Nasza Loteria SR - pasek na kartach artykułów

Śmieci ze Szczecinka wyślemy do Wardynia

(r)
Dziś większość Szczecinka obsługuje Przedsiębiorstwo Gospodarki Komunalnej, ale potentaci z branży śmieciowej już szykują się, aby zawalczyć o szczecineckie śmieci.
Dziś większość Szczecinka obsługuje Przedsiębiorstwo Gospodarki Komunalnej, ale potentaci z branży śmieciowej już szykują się, aby zawalczyć o szczecineckie śmieci.

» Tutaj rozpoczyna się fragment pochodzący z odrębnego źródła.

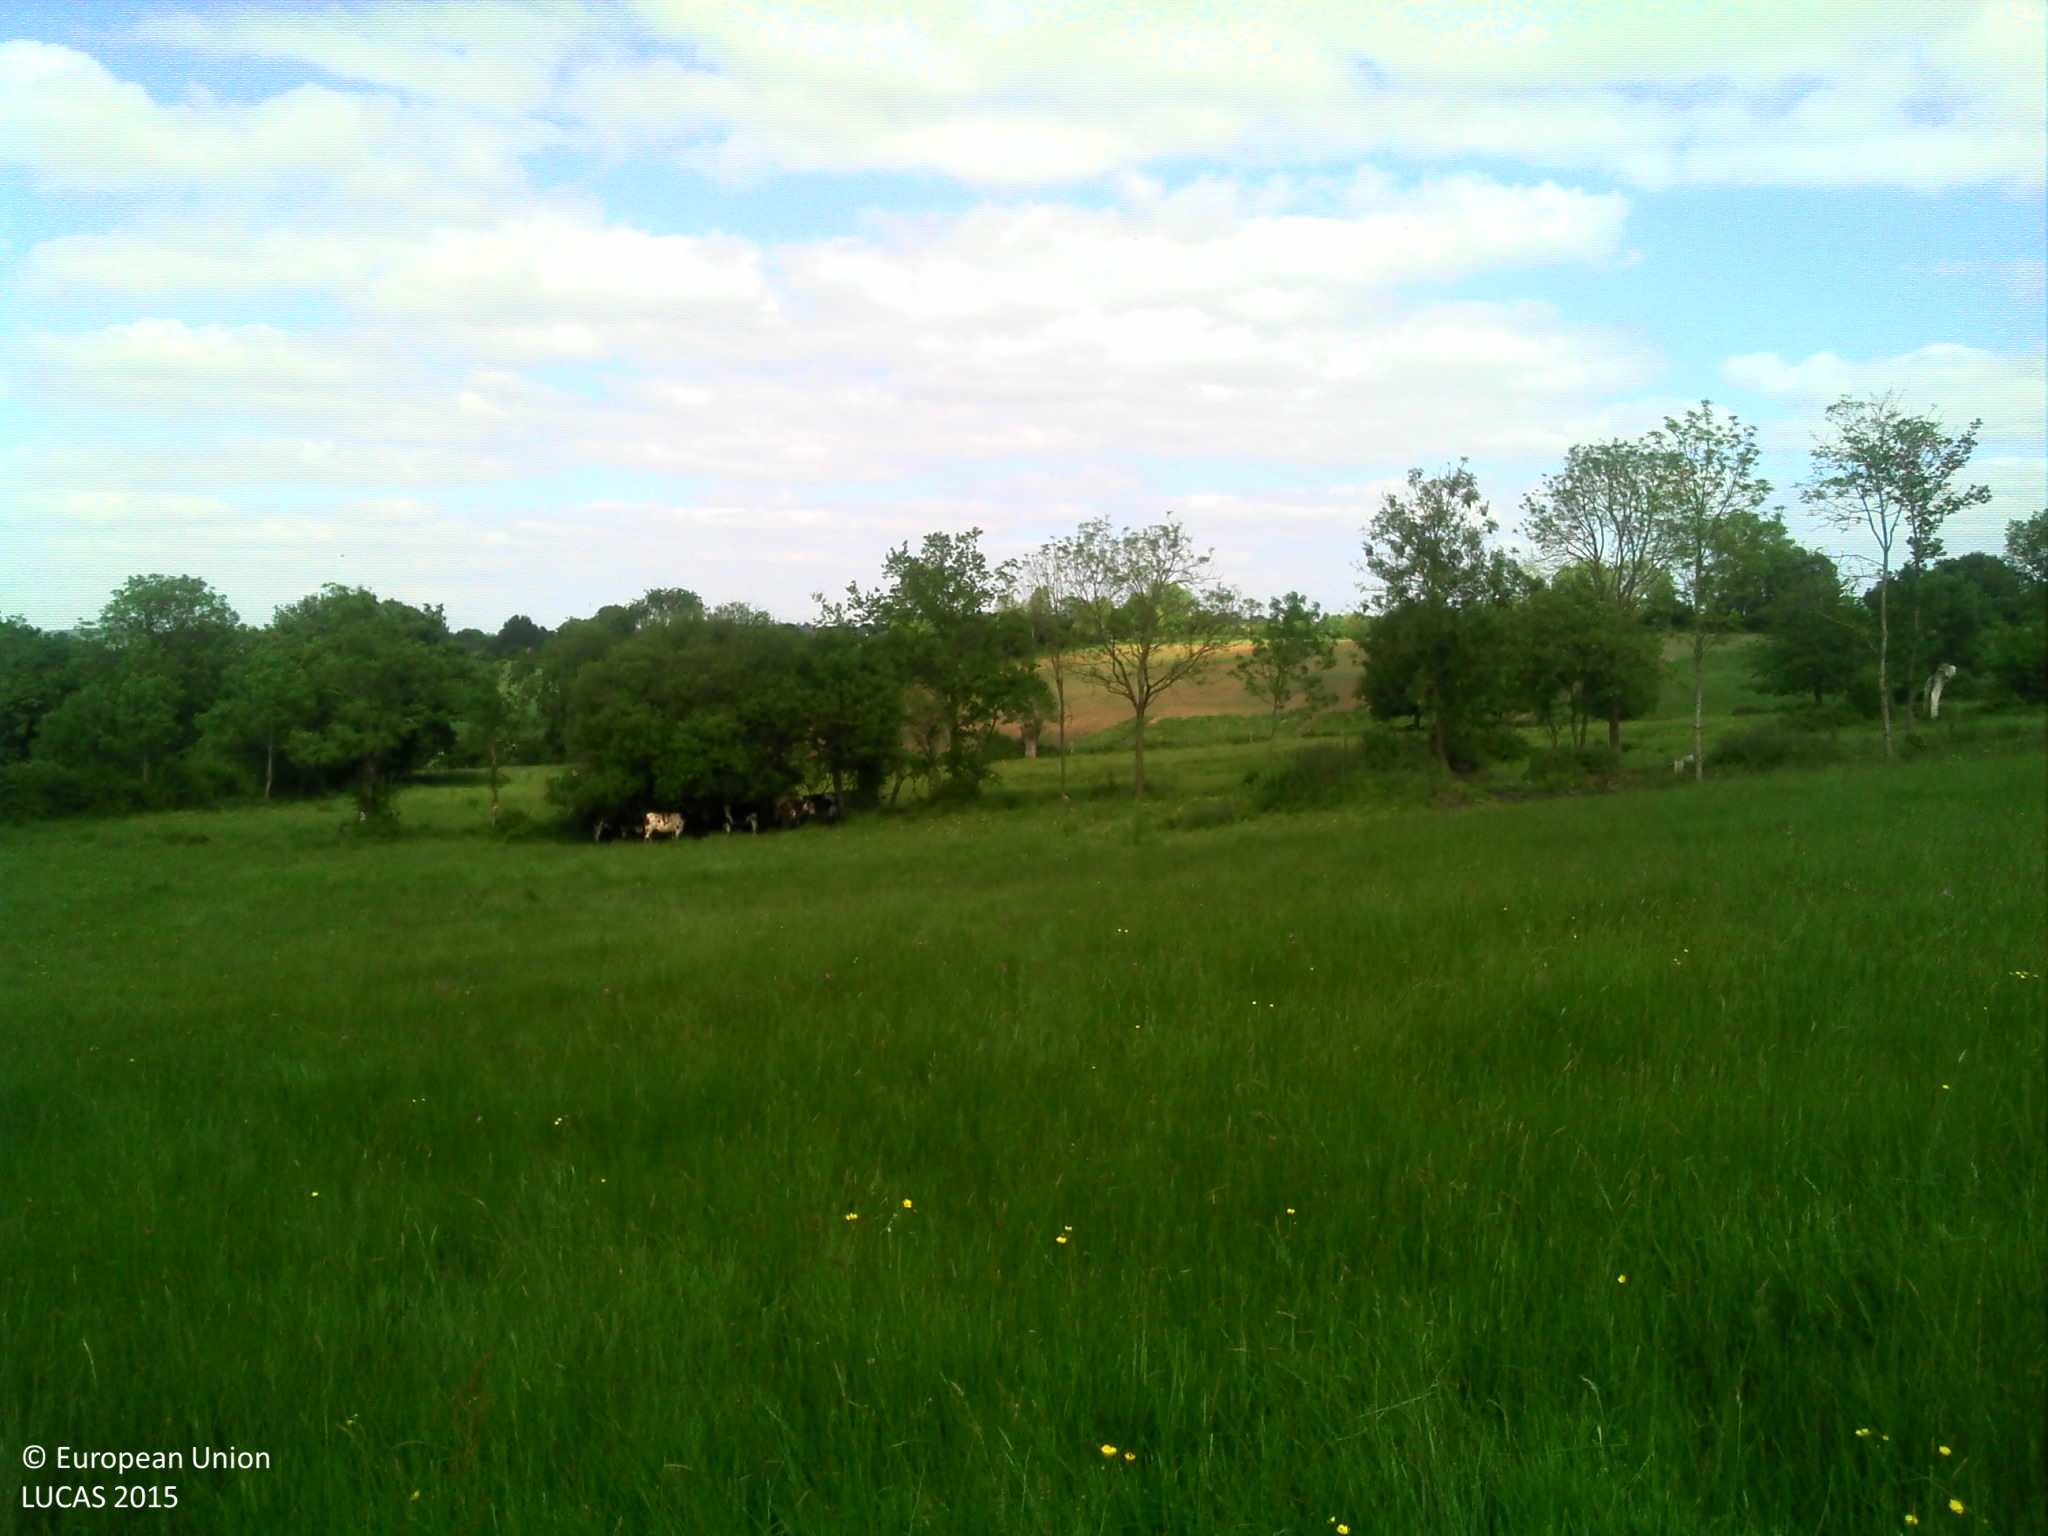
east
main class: Grassland
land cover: Grassland without tree/shrub cover
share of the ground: > 75 %
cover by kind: herbaceous plants 90 %, shrubs 5 %
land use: Agriculture (excluding fallow land and kitchen gardens)
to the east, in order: Grassland without tree/shrub cover; Broadleaved woodland; Other bare soil; Grassland without tree/shrub cover; Abandoned hedges; Grassland without tree/shrub cover; Fences; Grass margins; Maize; Grassland without tree/shrub cover
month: June
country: FR
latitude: 48.8349
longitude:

Rajmund Wełnic
Nie wiadomo jeszcze, jaka firma będzie od połowy roku wywozić śmieci ze Szczecinka, ale wiadomo, dokąd one trafią. Do Wardynia Górnego koło Połczyna Zdroju.

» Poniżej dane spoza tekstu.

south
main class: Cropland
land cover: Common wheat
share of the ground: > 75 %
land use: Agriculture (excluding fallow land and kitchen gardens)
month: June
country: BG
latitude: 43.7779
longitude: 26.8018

Szczecinek odkupił niedawno udziały powiatu świdwińskiego w Międzygminnym Przedsiębiorstwie Gospodarki Odpadami w Wardyniu Górnym. Jego właścicielem jest kilka tamtejszych gmin, które od 2007 roku prowadzą wspólnie zakład gospodarki odpadami. Dodajmy, że Szczecinek wziął na siebie także poręczenie części kredytu, jaki zaciągnęła spółka. Proporcjonalnie nawet więcej niż wynikałoby to z wielkości udziałów (20 procent) szczecineckiego ratusza, ale w zamian miasto ma dwa razy więcej głosów na zgromadzeniu wspólników.

Dlaczego Szczecinek zdecydował się na taka inwestycję? Odpowiedź jest prosta - choć składowisko w Trzesiece, gdzie do tej pory wywożone są śmieci z miasta, ma pozwolenie na użytkowanie do 2017 roku, to już od lipca tego roku nie będzie można tam wozić odpadów. Istniałaby więc całkiem realna groźba ich transportu do np. odległego Rymania koło Kołobrzegu, a to dramatycznie podniosłoby koszty usługi. Wardyń jest stosunkowo blisko, więc koszty transportu będą mniejsze.
- Ponadto sejmik wojewódzki uchwalił zmianę w planie gospodarki odpadami, które ustanawiają Wardyń, jako instalację zastępczą - mówi burmistrz Szczecinka Jerzy Hardie-Douglas. Instalacje zastępcze mogą przyjmować śmieci do czasu powstania regionalnych instalacji do przetwarzania odpadów komunalnych, czyli tzw. RIPOK-ów. Teoretycznie na wypadek awarii RIPOK-ów, w praktyce do czasu powstania tych piekielnie kosztownych instalacji, które muszą spełniać rygorystyczne unijne wytyczne dotyczące utylizacji śmieci. Bez tego mielibyśmy ogromny problem, i to już za kilka miesięcy.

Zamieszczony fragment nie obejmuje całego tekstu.